Blockchain helps to verify where your money is being spent (e.g., by children, subsidized recipients, or governments).
Blockchain makes it easy to prove that a transfer of money has taken place.
Blockchain makes it possible to verify what specific coins or tokens were transferred in a transaction.
But blockchain technology can be used in any area where there is a need for immutable information (e.g., in medicine or many government processes) or for simplified addition of new data to a common database (e.g., when registering property transfers or voting).

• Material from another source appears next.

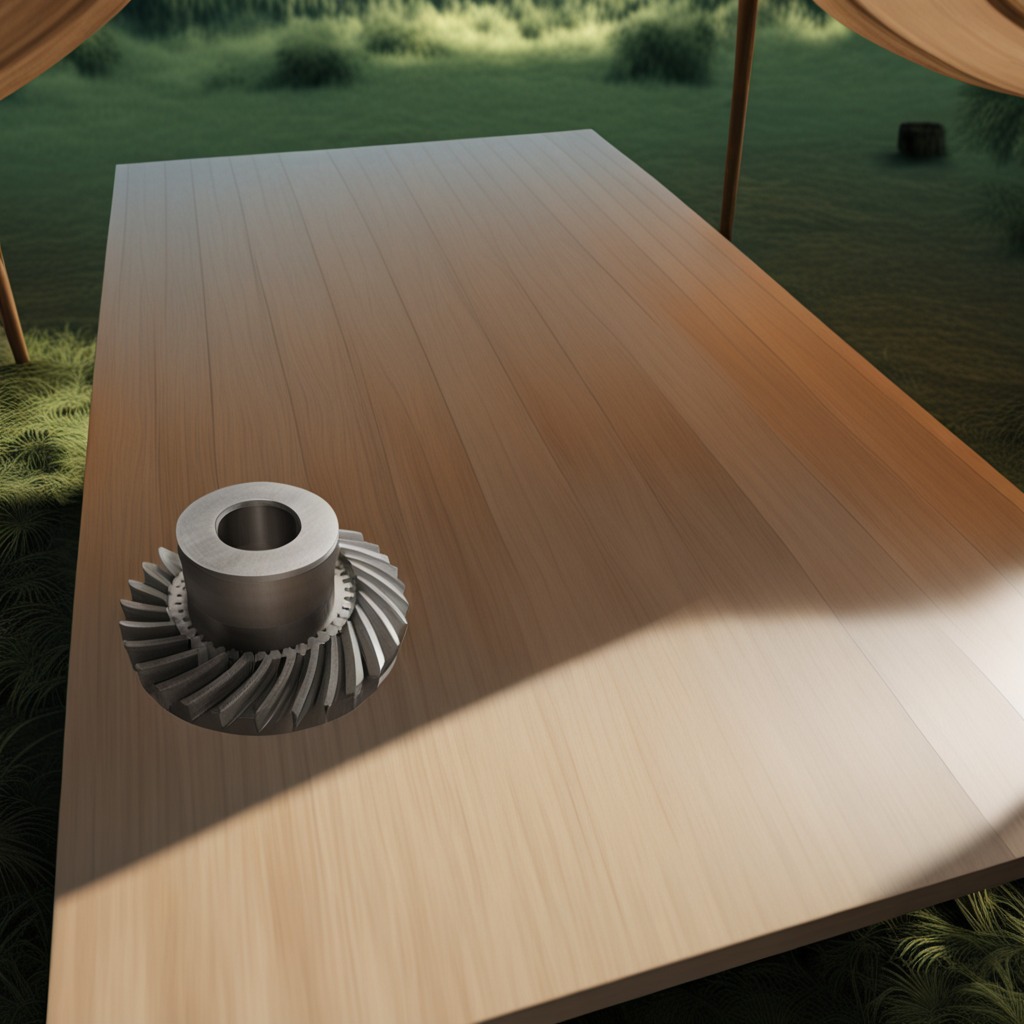
A steel gear with teeth lies on a wooden table inside a jungle field workshop tent humid ambient light worn but

The point is that many blockchains allow you to add additional information to a transaction and thus bring something other than information about the movement of finances into the blockchain.
Popular blockchain platforms
Bitcoin was the first blockchain platform. The first blockchain platform was Bitcoin, followed by copycat blockchains with blockchains that differed little from it (Lightcoin, Neimcoin), and later blockchains that offered additional features:
Monero is a blockchain on which mining on specialized devices (asics) is impossible, and anyone with a video card can become a miner;
Efirium, Tron, Solana and other blockchains where much more complex smart contracts can be created;
Polkadot, TON and Avalanche - blockchain systems that distribute transactions across multiple chains to optimize resources.
For example, multiple blockchains can be used to fund an account on the Veles platform. For example, the popular USDT token can be sent to your account through the BNB Smart Chain and TRON blockchains, as well as through the second-level networks (add-ons on top of the Ethereum blockchain): Arbitrum, Optimism and Polygon.
If choosing a blockchain to fund your Veles account seems difficult, you can ask for help from the site's support team. They will be happy to help you.
And the major exchanges Veles works with support even more different blockchains. On the one hand, this can create additional difficulties when choosing, but on the other hand, it increases the number of assets available for trading, and therefore expands the range of tools and opportunities to earn money with the help of trading bots Veles.
Prospects for this technology
Due to its transparency, reliable storage and immutability of records, blockchain has great prospects for development and spreading as a major financial technology of the future. Its use may be particularly relevant for combating shadow finance.
Most blockchains store information about all transactions forever. This makes it too risky for criminals to use this technology. After all, even if tracking technologies are not able to catch criminals using the blockchain now, the information about their actions in the blockchain will not go anywhere. Sooner or later, the technology will improve and the criminal will be tracked down.
If we move all financial transactions to public blockchains, there will be no way to transfer criminal money. But governments adopting digital currencies prefer private blockchains, where only central banks and intelligence agencies have access to information. The closed nature of such blockchains significantly reduces the prospects for this technology.
Conclusion
Blockchain is, in simple words, a way of distributed storage of financial information, i.e. data on who owns what cryptocurrency and who transferred what cryptocurrency to where. The basic principles of blockchain are
immutability - recording of information in the form of blocks, each of which refers to the previous one, which makes editing any block practically impossible;
decentralization - storage of the database on many computers around the world;
openness - free access to the database for everyone for an unlimited period of time.